● **Directions**
Retype exactly the lines from the one containing "stones on the ground: < 10 %" through the last line of the records below, including both, and leave out any pictures.
### Provided records
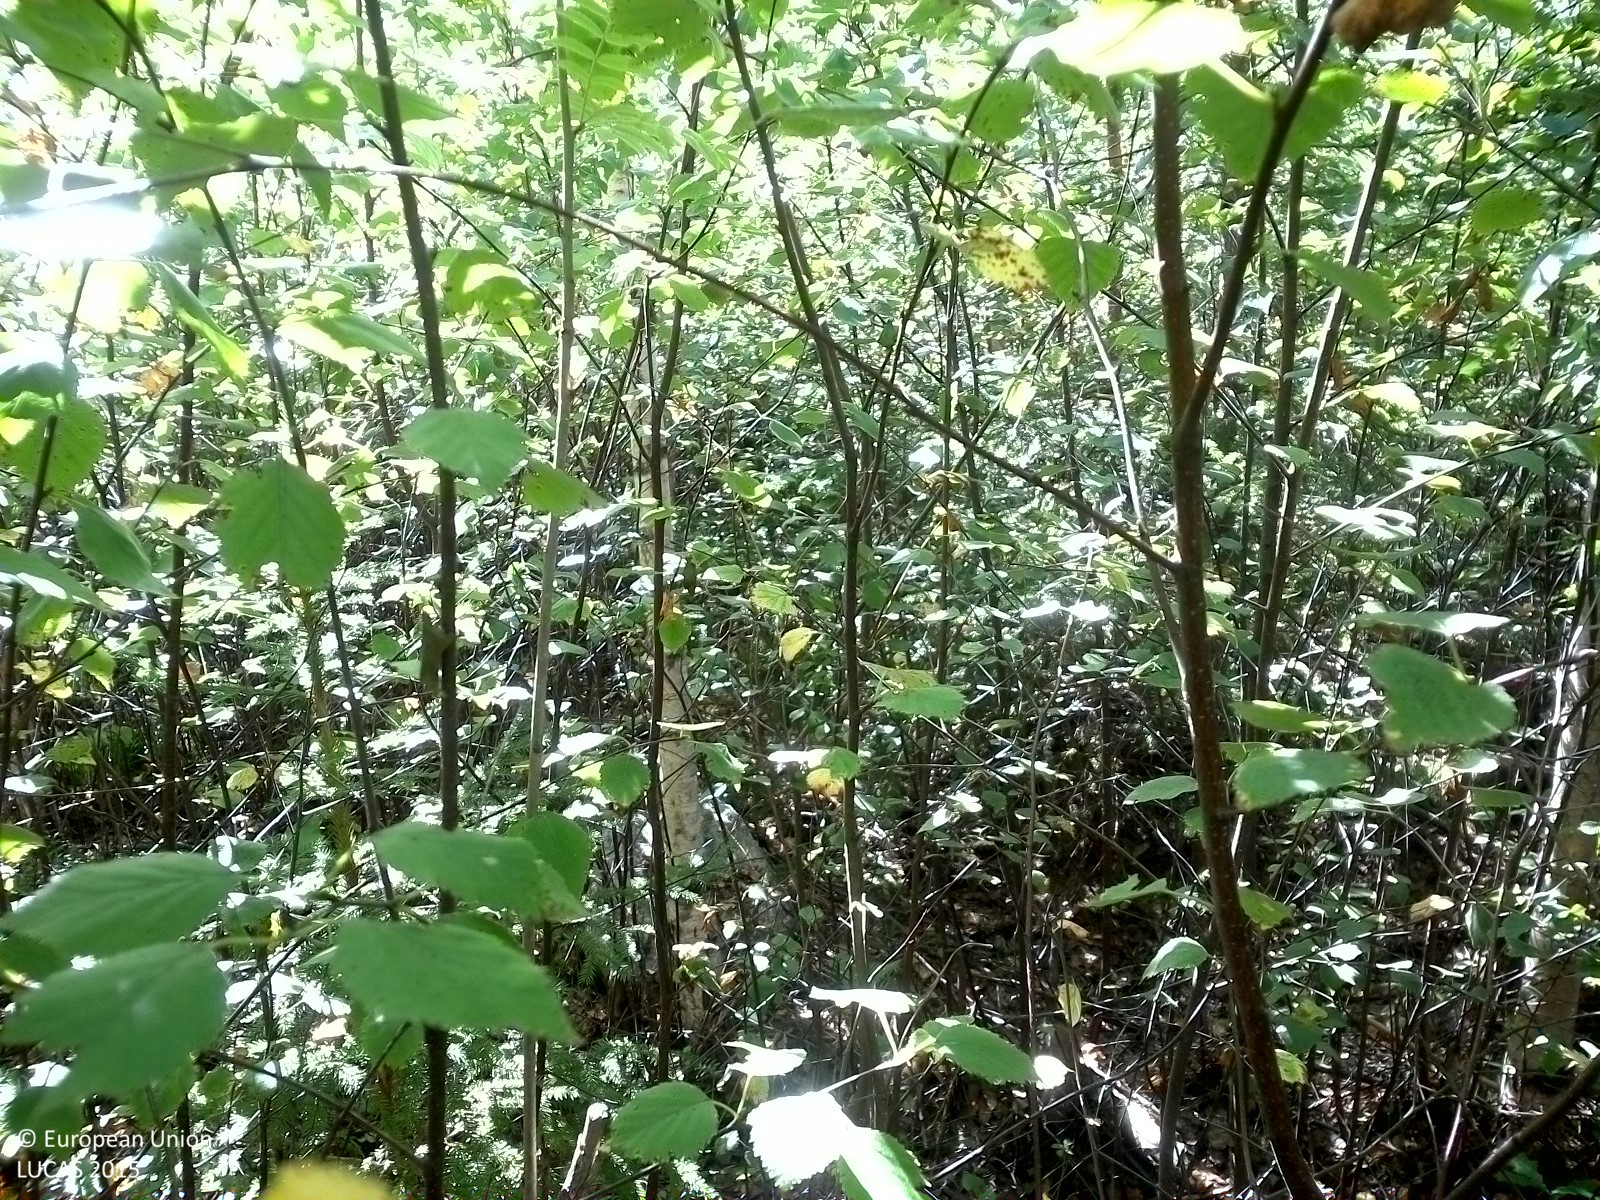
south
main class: Woodland
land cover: Broadleaved woodland
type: hemiboreal forest and nemoral coniferous forest and mixed broadleaved-coniferous forest
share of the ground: > 75 %
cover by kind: broadleaved forest trees 90 %, herbaceous plants 5 %, unconsolidated bare surface 5 %
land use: Forestry
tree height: < 5 m
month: August
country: SE
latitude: 59.2469
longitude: 15.4096
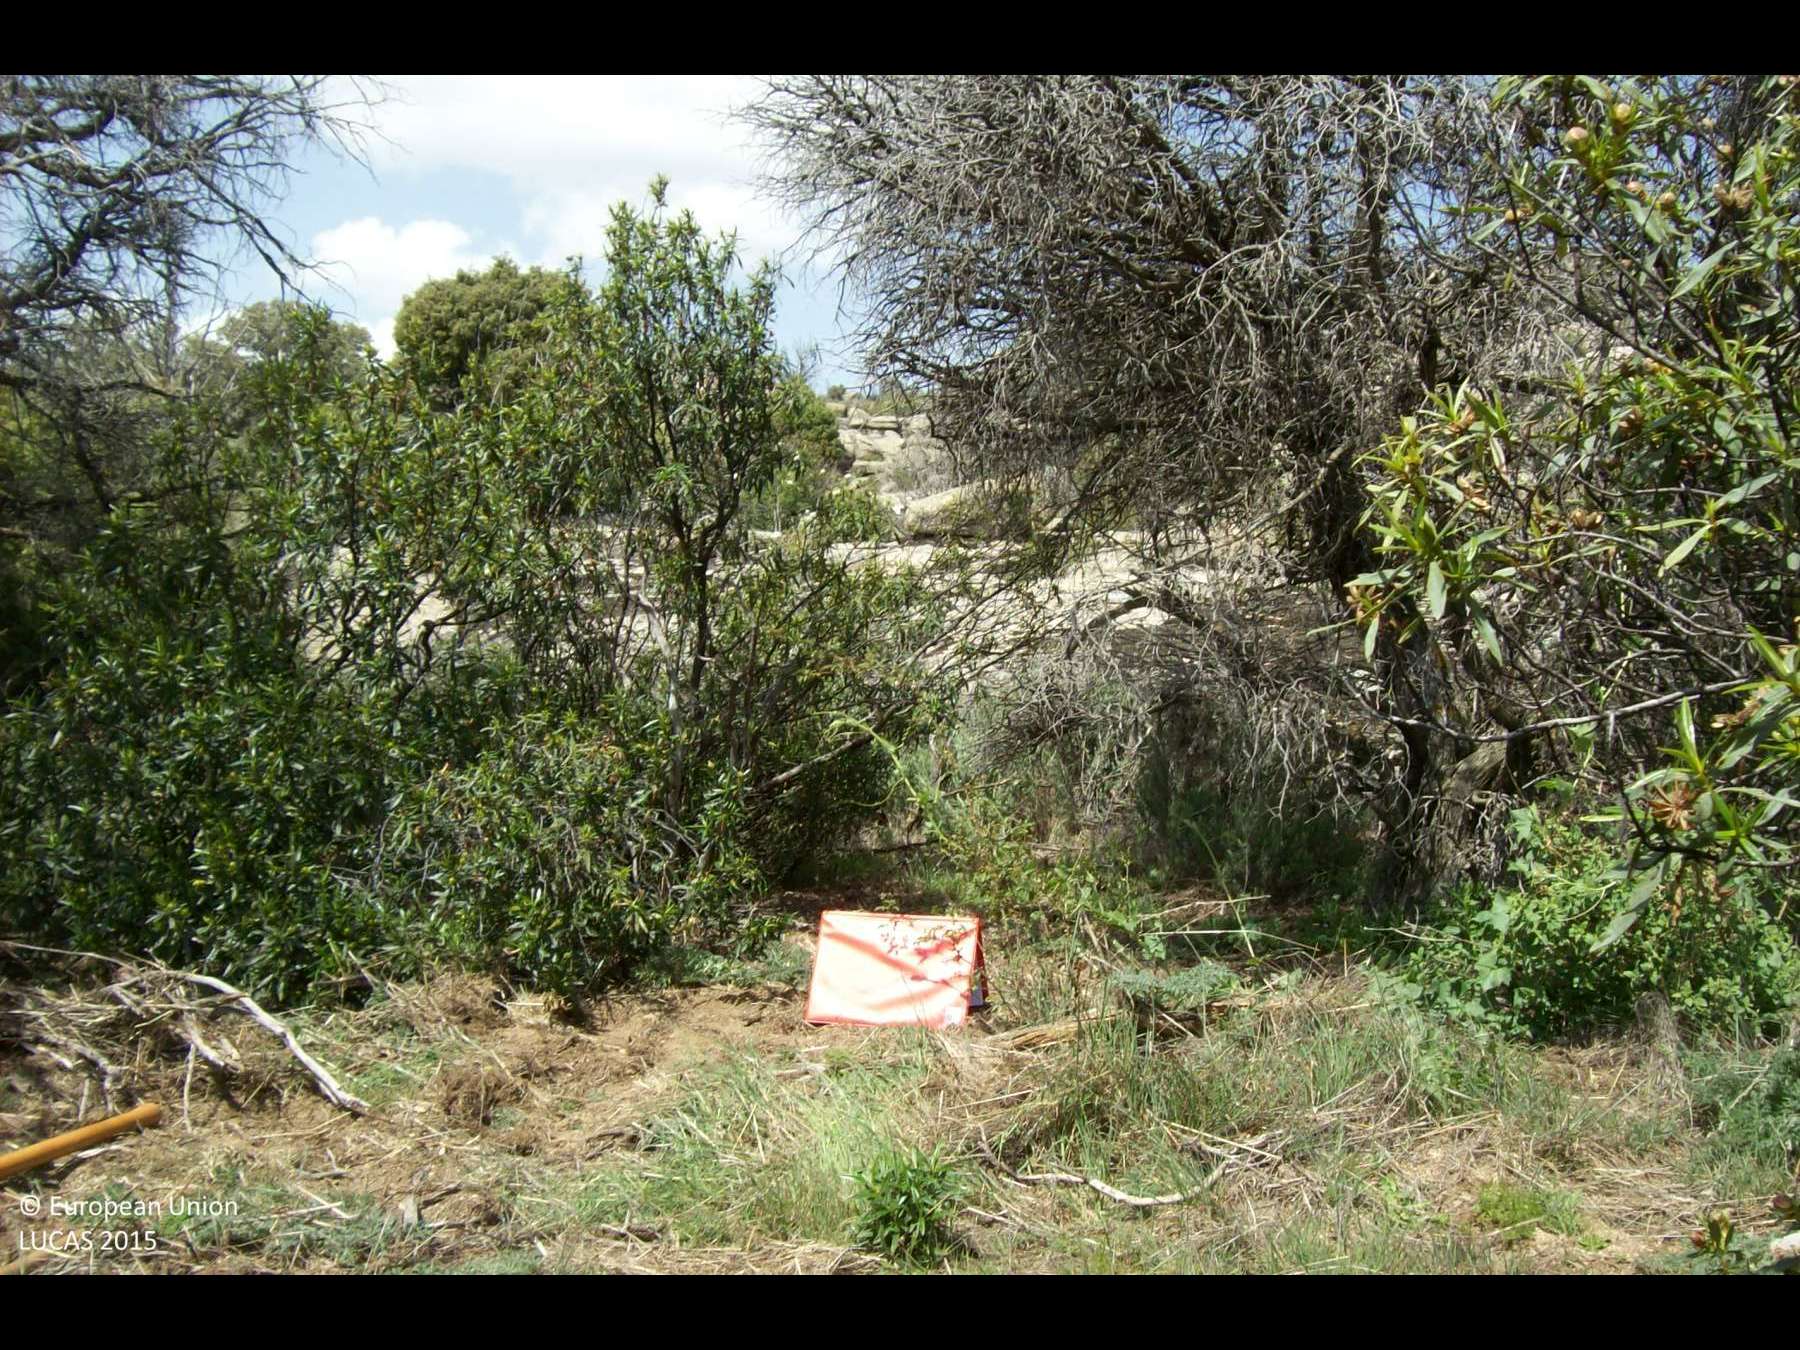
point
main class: Shrubland
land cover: Shrubland with sparse tree cover
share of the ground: > 75 %
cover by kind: consolidated bare surface 40 %, shrubs 35 %, herbaceous plants 20 %, coniferous forest trees 5 %
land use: Semi-natural and natural areas not in use
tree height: < 5 m
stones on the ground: < 10 %
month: April
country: ES
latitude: 40.6381
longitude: -3.9609
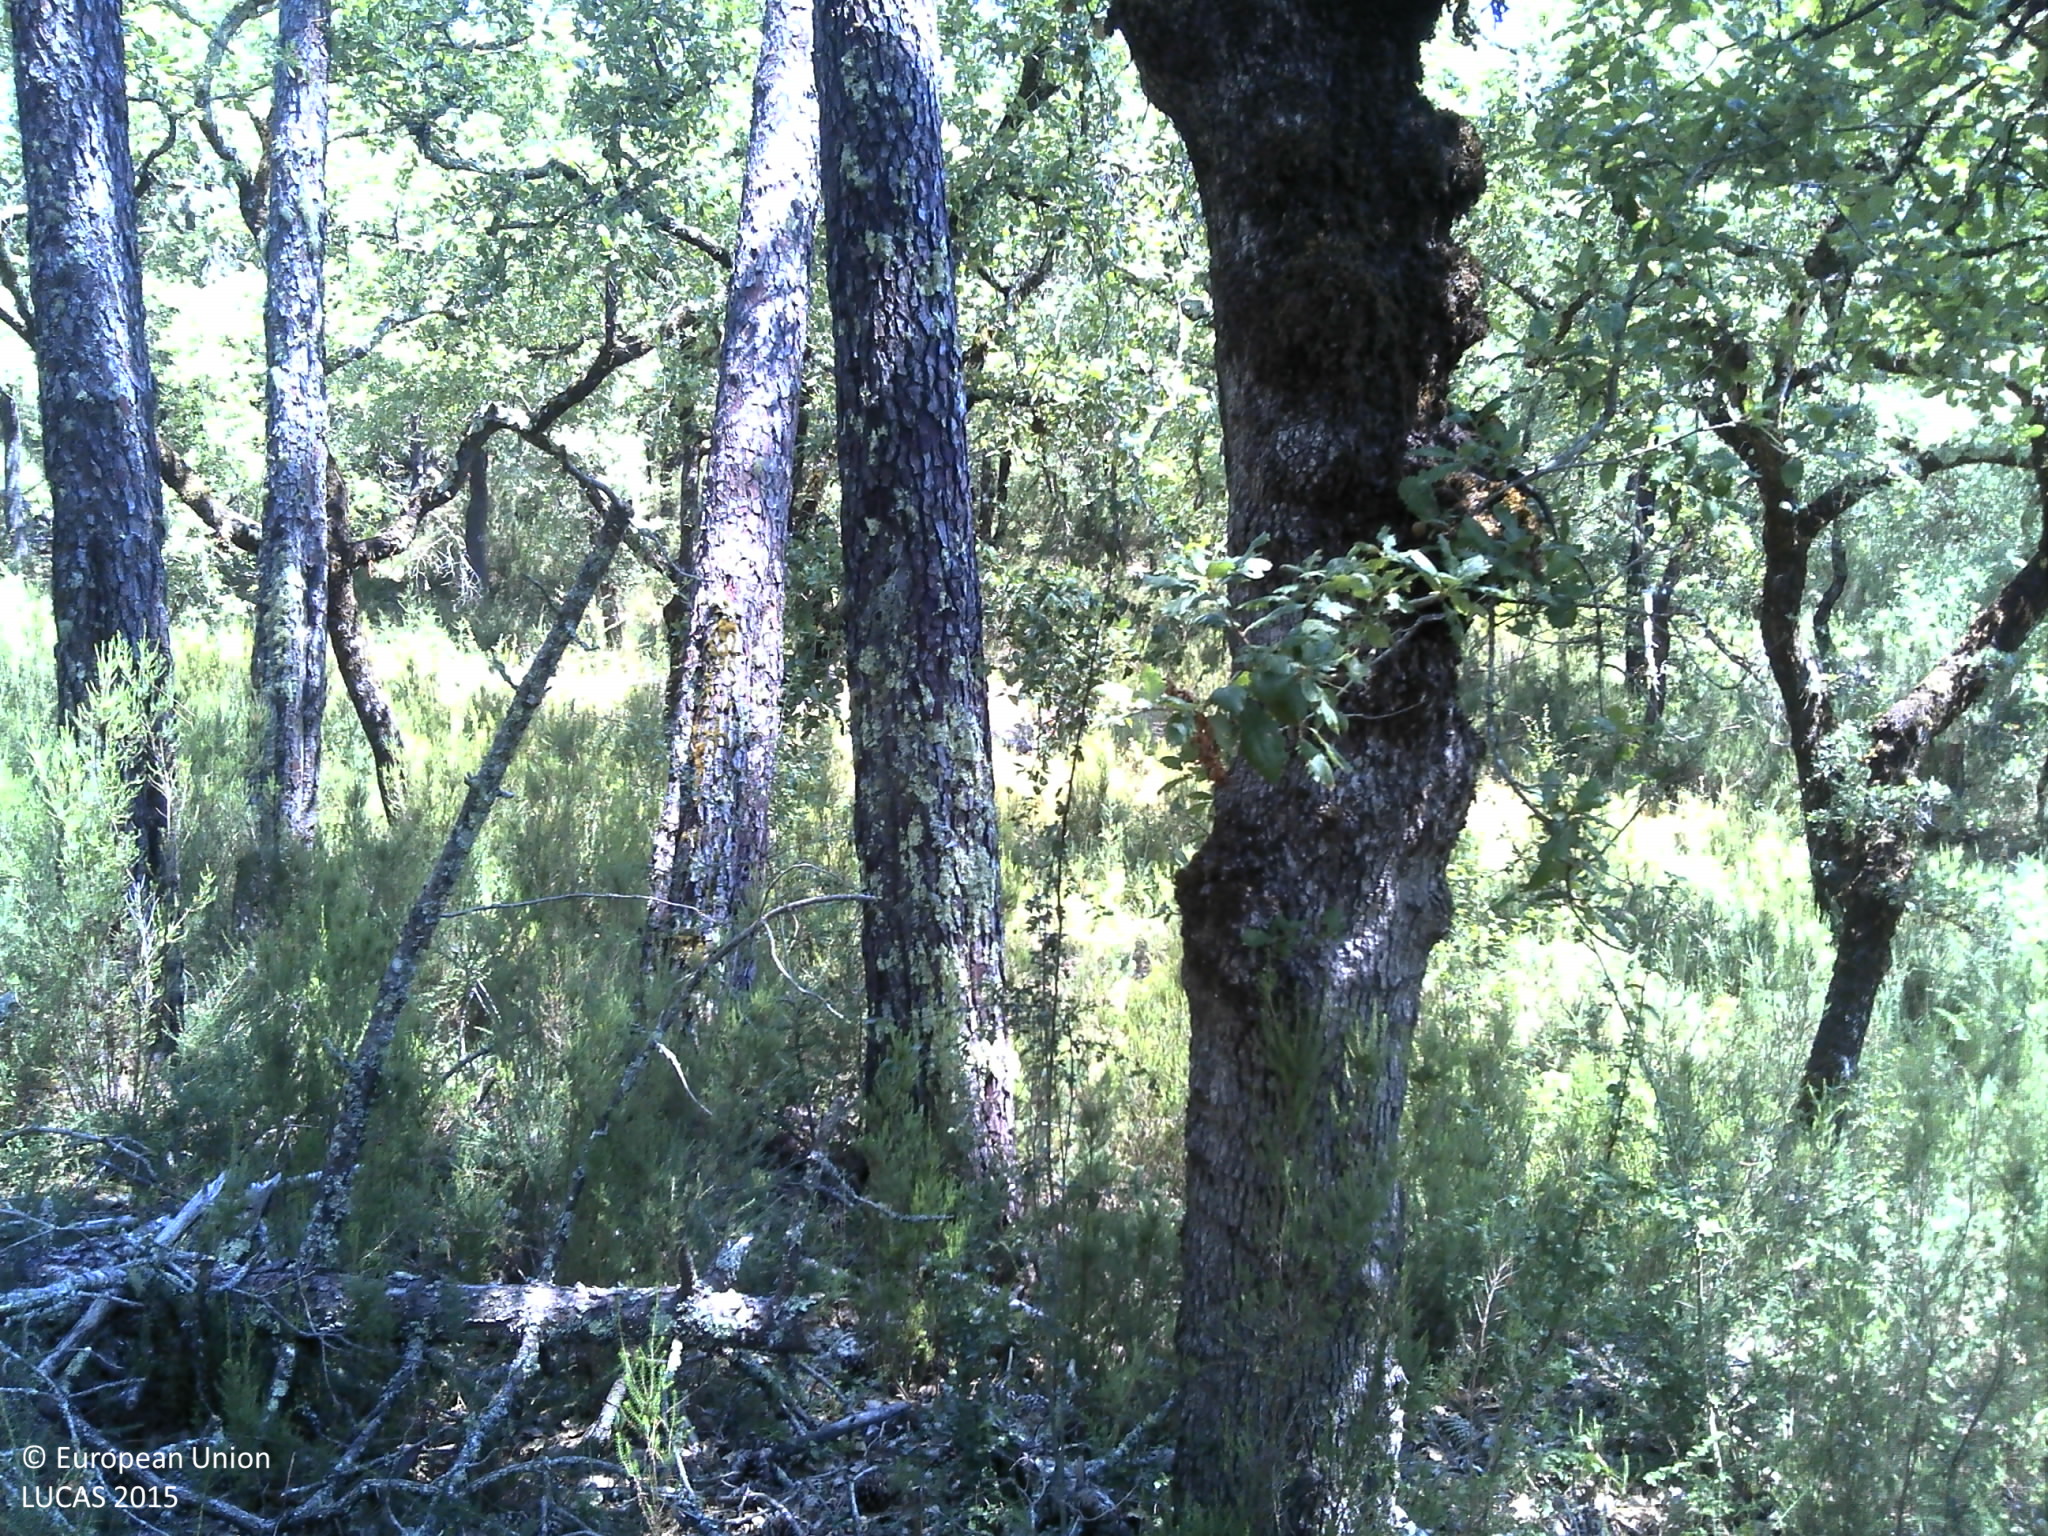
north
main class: Woodland
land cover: Broadleaved woodland
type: thermophilous deciduous forest
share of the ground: 25 - 50 %
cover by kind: broadleaved forest trees 50 %, shrubs 30 %, unconsolidated bare surface 20 %
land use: Forestry
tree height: > 5 m
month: July
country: PT
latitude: 39.9928
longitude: -8.4808
######
● **Response area**
stones on the ground: < 10 %
month: April
country: ES
latitude: 40.6381
longitude: -3.9609
north
main class: Woodland
land cover: Broadleaved woodland
type: thermophilous deciduous forest
share of the ground: 25 - 50 %
cover by kind: broadleaved forest trees 50 %, shrubs 30 %, unconsolidated bare surface 20 %
land use: Forestry
tree height: > 5 m
month: July
country: PT
latitude: 39.9928
longitude: -8.4808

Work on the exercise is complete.